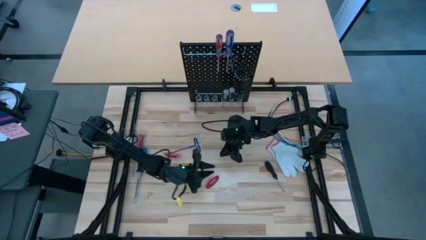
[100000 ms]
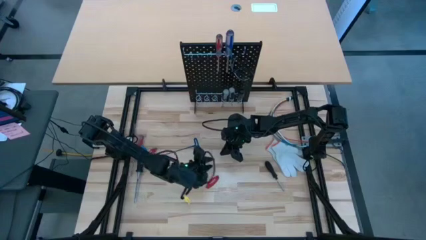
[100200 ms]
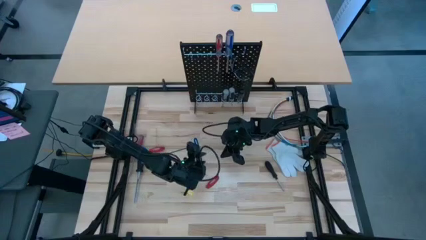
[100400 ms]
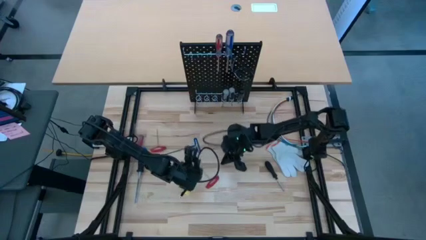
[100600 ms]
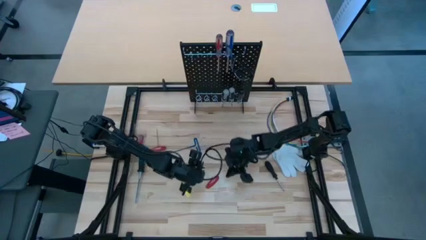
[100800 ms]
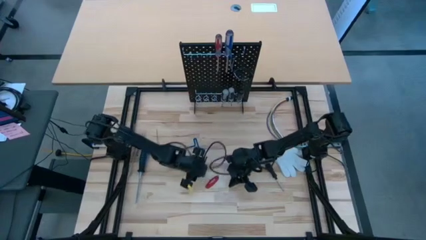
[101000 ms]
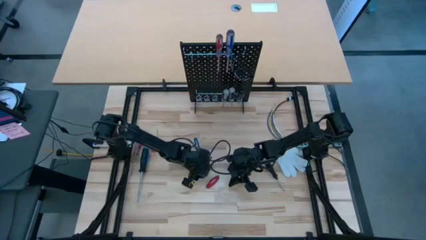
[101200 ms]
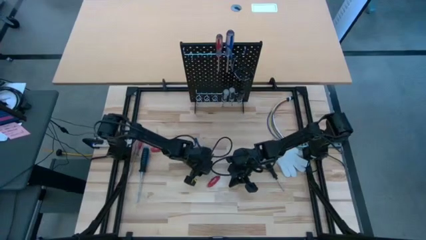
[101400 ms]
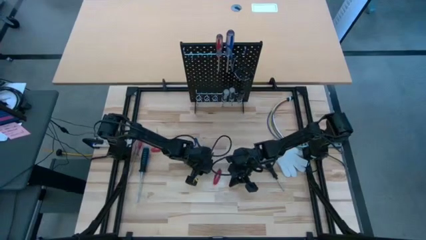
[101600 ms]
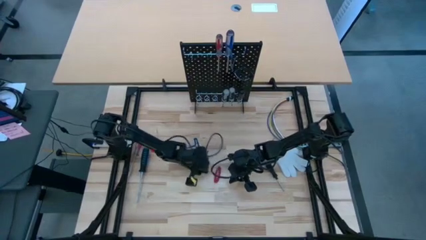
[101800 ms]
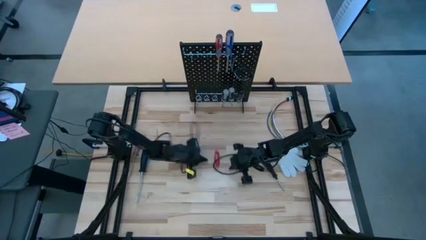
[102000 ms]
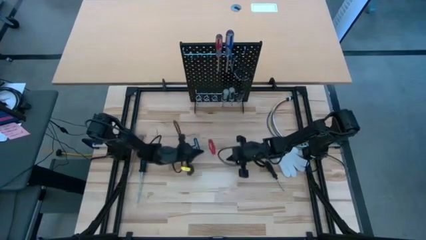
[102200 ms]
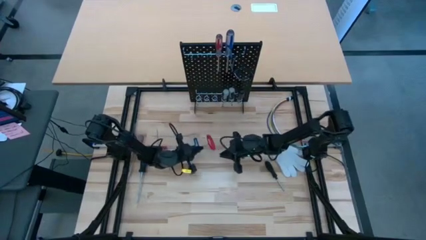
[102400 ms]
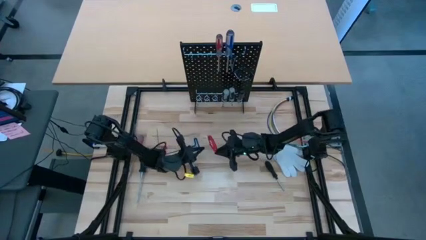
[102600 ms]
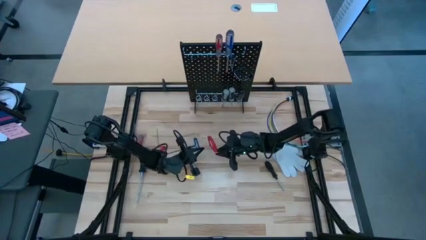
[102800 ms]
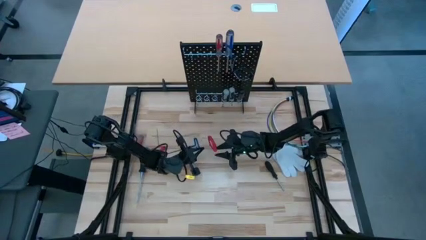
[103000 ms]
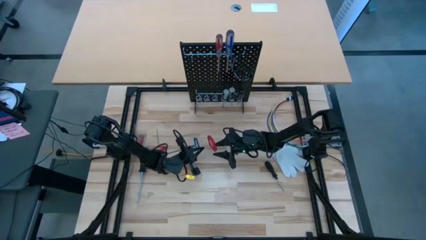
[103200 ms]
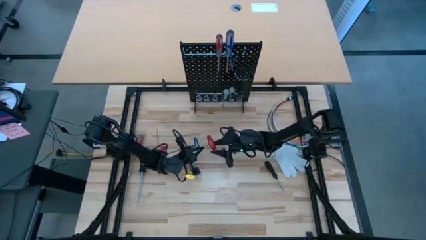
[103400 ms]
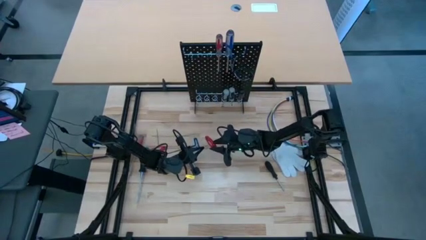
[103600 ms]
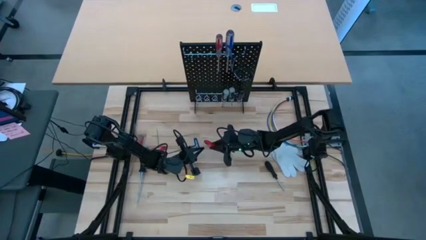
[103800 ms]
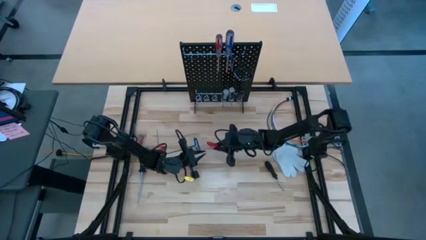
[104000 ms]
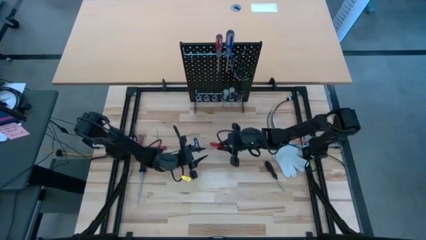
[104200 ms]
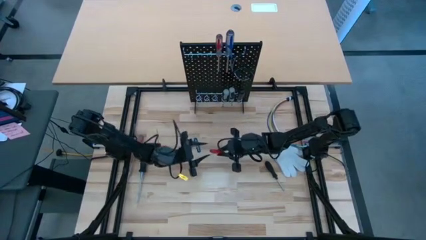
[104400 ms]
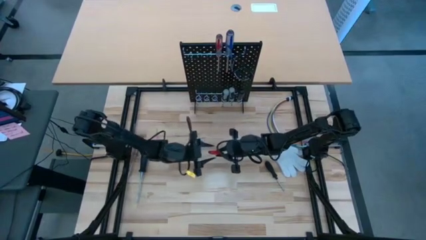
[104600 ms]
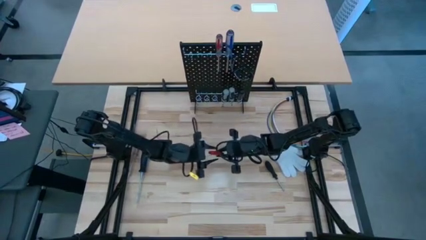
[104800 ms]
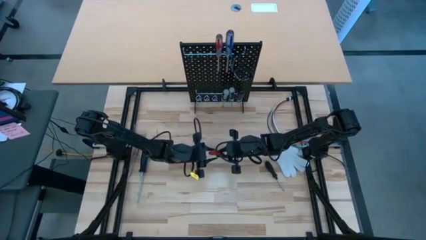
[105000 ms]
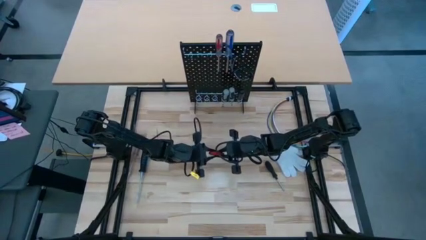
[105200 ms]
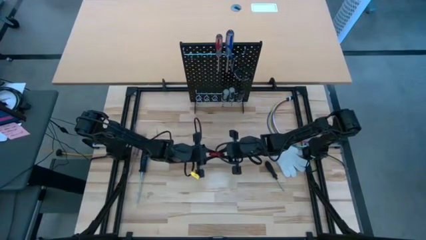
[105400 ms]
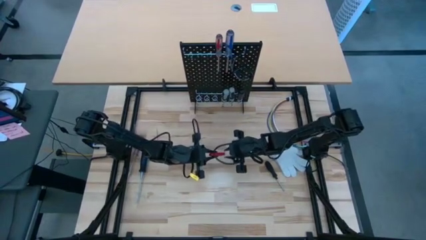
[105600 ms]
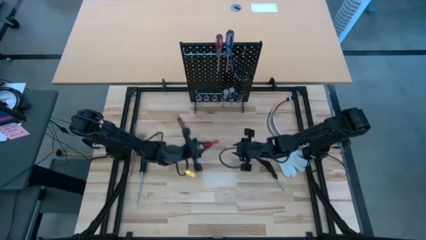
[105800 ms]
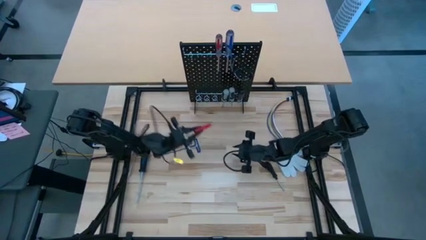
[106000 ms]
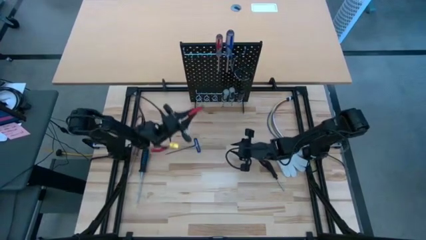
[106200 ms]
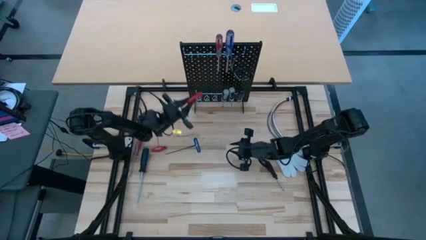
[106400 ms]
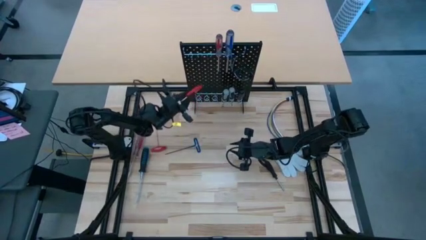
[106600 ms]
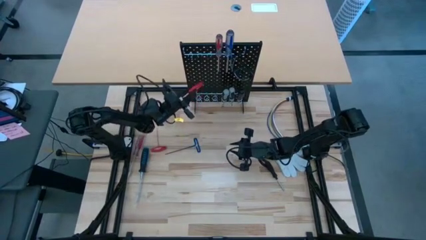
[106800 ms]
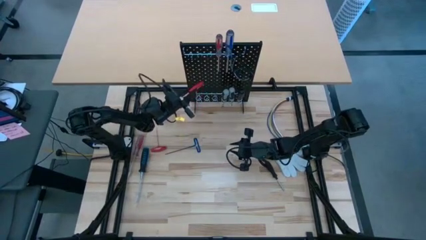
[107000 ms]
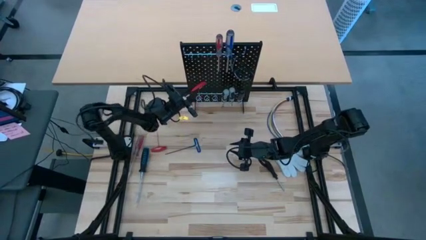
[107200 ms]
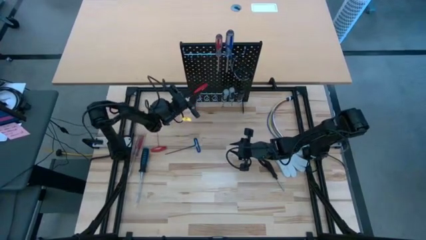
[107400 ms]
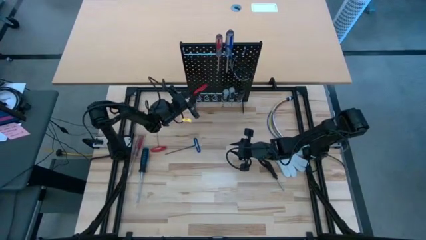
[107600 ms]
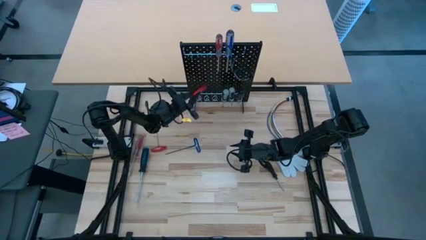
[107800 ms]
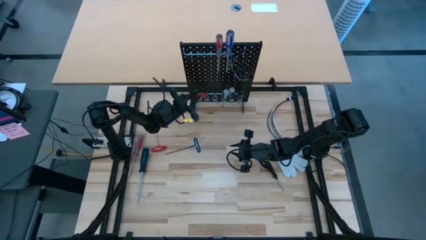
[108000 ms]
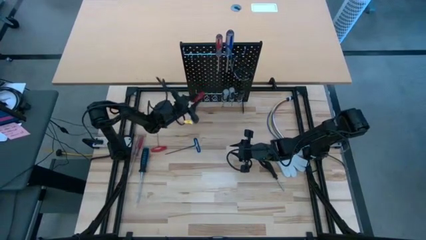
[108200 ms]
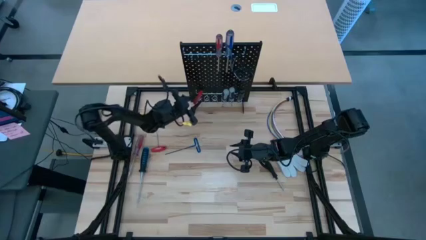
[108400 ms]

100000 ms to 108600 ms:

-=-=-=-=-

-- Work to complete --
The records above should be repeated exactly, with no pictures in the copy.

-- Task answer --
[100000 ms]
[100200 ms]
[100400 ms]
[100600 ms]
[100800 ms]
[101000 ms]
[101200 ms]
[101400 ms]
[101600 ms]
[101800 ms]
[102000 ms]
[102200 ms]
[102400 ms]
[102600 ms]
[102800 ms]
[103000 ms]
[103200 ms]
[103400 ms]
[103600 ms]
[103800 ms]
[104000 ms]
[104200 ms]
[104400 ms]
[104600 ms]
[104800 ms]
[105000 ms]
[105200 ms]
[105400 ms]
[105600 ms]
[105800 ms]
[106000 ms]
[106200 ms]
[106400 ms]
[106600 ms]
[106800 ms]
[107000 ms]
[107200 ms]
[107400 ms]
[107600 ms]
[107800 ms]
[108000 ms]
[108200 ms]
[108400 ms]

100000 ms to 108600 ms:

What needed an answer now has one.